Geopolitik Global Memanas: Dari Ketegangan Teluk hingga Sengketa Laut Tiongkok Selatan

Dunia dihadapkan pada ketegangan geopolitik baru. AS soroti peran Rusia-Tiongkok di Teluk, sementara 14 negara tegas menolak klaim di Laut Tiongkok Selatan.

MhdDaniel
MhdDaniel Chief Editor
calendar_today Aug 12, 2026 schedule 10:00 PM visibility 0 chat_bubble 0
N
News
NEWS CARD
Logo
Geopolitik Global Memanas: Dari Ketegangan Teluk hingga Sengketa Laut Tiongkok Selatan
“Geopolitik Global Memanas: Dari Ketegangan Teluk hingga Sengketa Laut Tiongkok Selatan”
Favicon
Read more on www.dkijakarta.id/s/4d6653
12 Aug 2026
https://www.dkijakarta.id/s/4d6653
Copied
Geopolitik Global Memanas: Dari Ketegangan Teluk hingga Sengketa Laut Tiongkok Selatan
Image via Pexels - Geopolitik Global Memanas: Dari Ketegangan Teluk hingga Sengketa Laut Tiongkok Selatan

Key Highlights

  • Amerika Serikat menuding Rusia dan Tiongkok memberikan perlindungan bagi Iran di tengah memanasnya konflik kawasan Teluk.
  • Sebanyak 14 negara secara resmi menyatakan bahwa klaim Tiongkok di Laut Tiongkok Selatan tidak memiliki dasar hukum internasional.
  • Dunia seni internasional dikejutkan oleh hilangnya karya instalasi pisang ikonik yang sempat menggemparkan pasar kolektor global.

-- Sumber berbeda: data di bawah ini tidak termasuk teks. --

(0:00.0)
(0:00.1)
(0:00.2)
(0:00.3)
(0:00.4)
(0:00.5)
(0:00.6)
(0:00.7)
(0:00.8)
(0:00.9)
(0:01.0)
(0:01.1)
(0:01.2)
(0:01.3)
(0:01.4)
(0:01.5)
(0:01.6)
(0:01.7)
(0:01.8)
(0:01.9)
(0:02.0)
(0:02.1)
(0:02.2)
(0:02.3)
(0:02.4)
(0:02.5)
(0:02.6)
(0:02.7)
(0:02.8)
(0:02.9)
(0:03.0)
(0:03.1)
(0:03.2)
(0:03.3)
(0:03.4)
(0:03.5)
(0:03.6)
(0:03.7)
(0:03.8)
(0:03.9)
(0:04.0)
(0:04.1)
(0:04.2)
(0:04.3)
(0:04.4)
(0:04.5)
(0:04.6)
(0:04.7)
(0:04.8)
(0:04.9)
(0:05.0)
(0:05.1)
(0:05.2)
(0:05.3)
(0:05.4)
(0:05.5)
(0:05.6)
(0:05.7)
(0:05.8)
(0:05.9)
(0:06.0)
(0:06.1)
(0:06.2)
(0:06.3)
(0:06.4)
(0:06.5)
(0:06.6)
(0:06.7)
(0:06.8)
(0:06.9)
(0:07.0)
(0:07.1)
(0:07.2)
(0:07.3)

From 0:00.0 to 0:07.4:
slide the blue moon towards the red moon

Ketegangan di Dewan Keamanan PBB

Situasi di kawasan Teluk kini menjadi sorotan tajam di markas besar PBB. Washington melontarkan kritik keras terhadap Moskow dan Beijing, menuduh kedua negara tersebut sengaja menghambat upaya internasional untuk menekan Iran. Ketegangan ini memicu perdebatan sengit mengenai efektivitas sanksi global dan stabilitas keamanan di jalur perdagangan energi utama dunia.

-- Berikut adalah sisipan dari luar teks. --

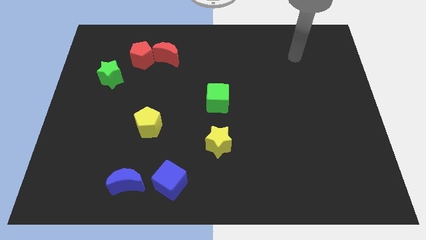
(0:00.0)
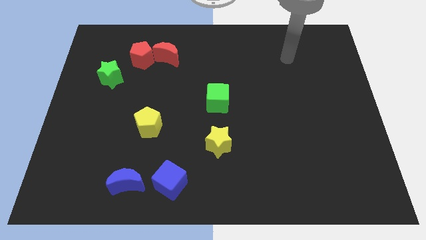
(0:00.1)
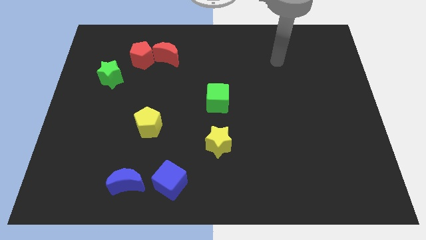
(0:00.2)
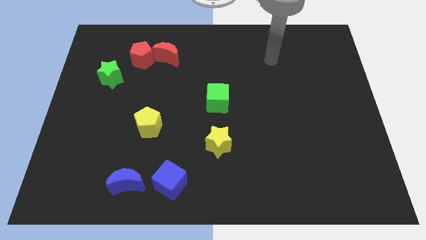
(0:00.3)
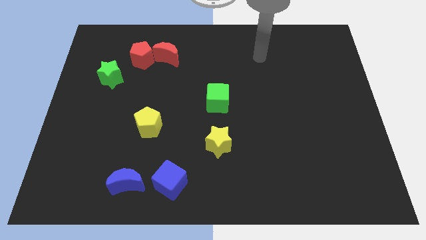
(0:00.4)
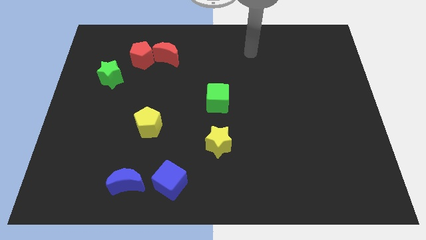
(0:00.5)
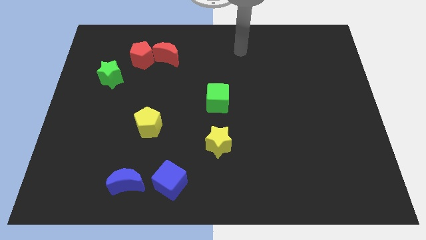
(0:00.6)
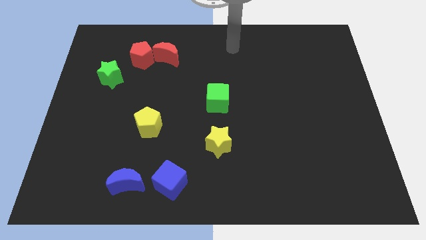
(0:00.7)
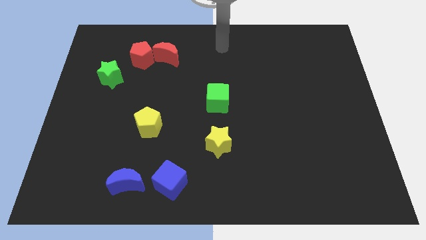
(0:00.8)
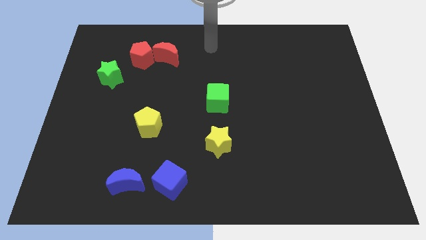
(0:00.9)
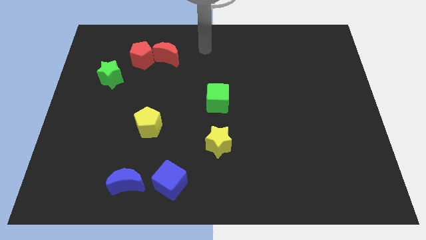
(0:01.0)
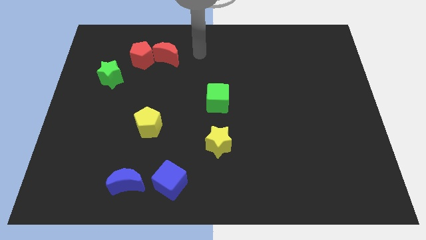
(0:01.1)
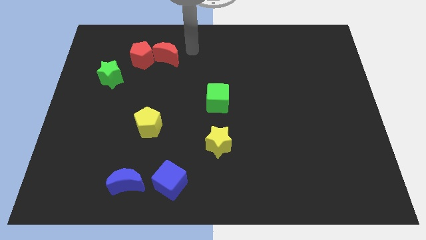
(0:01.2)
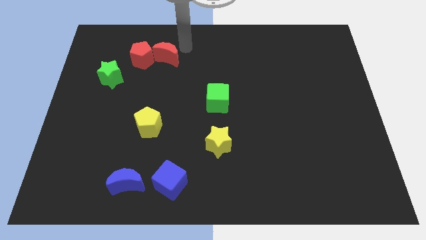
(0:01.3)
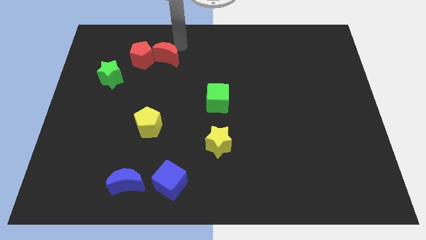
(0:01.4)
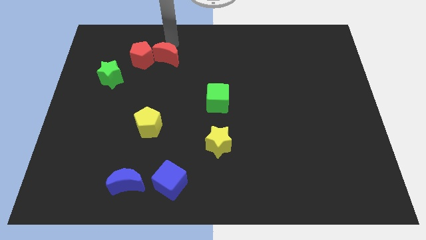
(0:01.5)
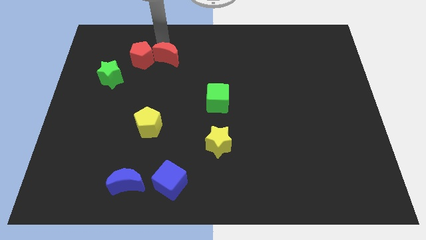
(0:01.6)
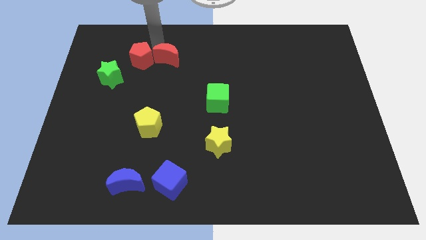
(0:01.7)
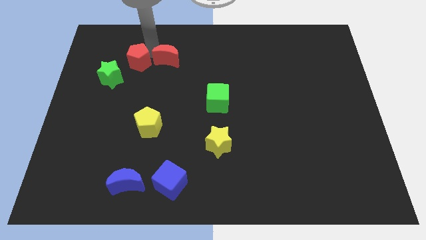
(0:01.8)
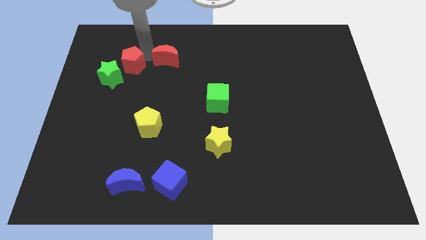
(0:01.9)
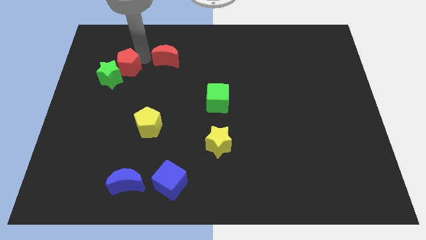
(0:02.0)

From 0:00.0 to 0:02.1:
slide the red pentagon to the green star

? Did You Know? PBB memiliki enam bahasa resmi untuk komunikasi diplomatik, yakni Arab, Mandarin, Inggris, Prancis, Rusia, dan Spanyol.

Konfrontasi di Laut Tiongkok Selatan

Di belahan dunia lain, posisi Tiongkok di perairan strategis Laut Tiongkok Selatan mendapatkan tantangan kolektif. Sebanyak 14 negara telah menyampaikan pernyataan sikap yang menyatakan bahwa klaim historis Tiongkok tidak memiliki landasan hukum yang sah berdasarkan UNCLOS 1982. Langkah diplomatik ini menandai pergeseran signifikan dalam diplomasi maritim internasional yang kian tegas.

Sisi Lain Dunia: Seni dan Berita Terkini

Di luar dinamika politik yang serius, publik dikejutkan dengan hilangnya karya seni kontemporer berupa pisang yang ditempel dengan selotip. Peristiwa ini memicu diskusi panjang mengenai nilai seni di era modern. Sementara itu, di dalam negeri, dinamika pembangunan juga terus berjalan, seperti upaya Dorong Hunian Layak, Said Abdullah Bantu Perbaikan Rumah Warga di Madura yang terus mendapat perhatian masyarakat luas.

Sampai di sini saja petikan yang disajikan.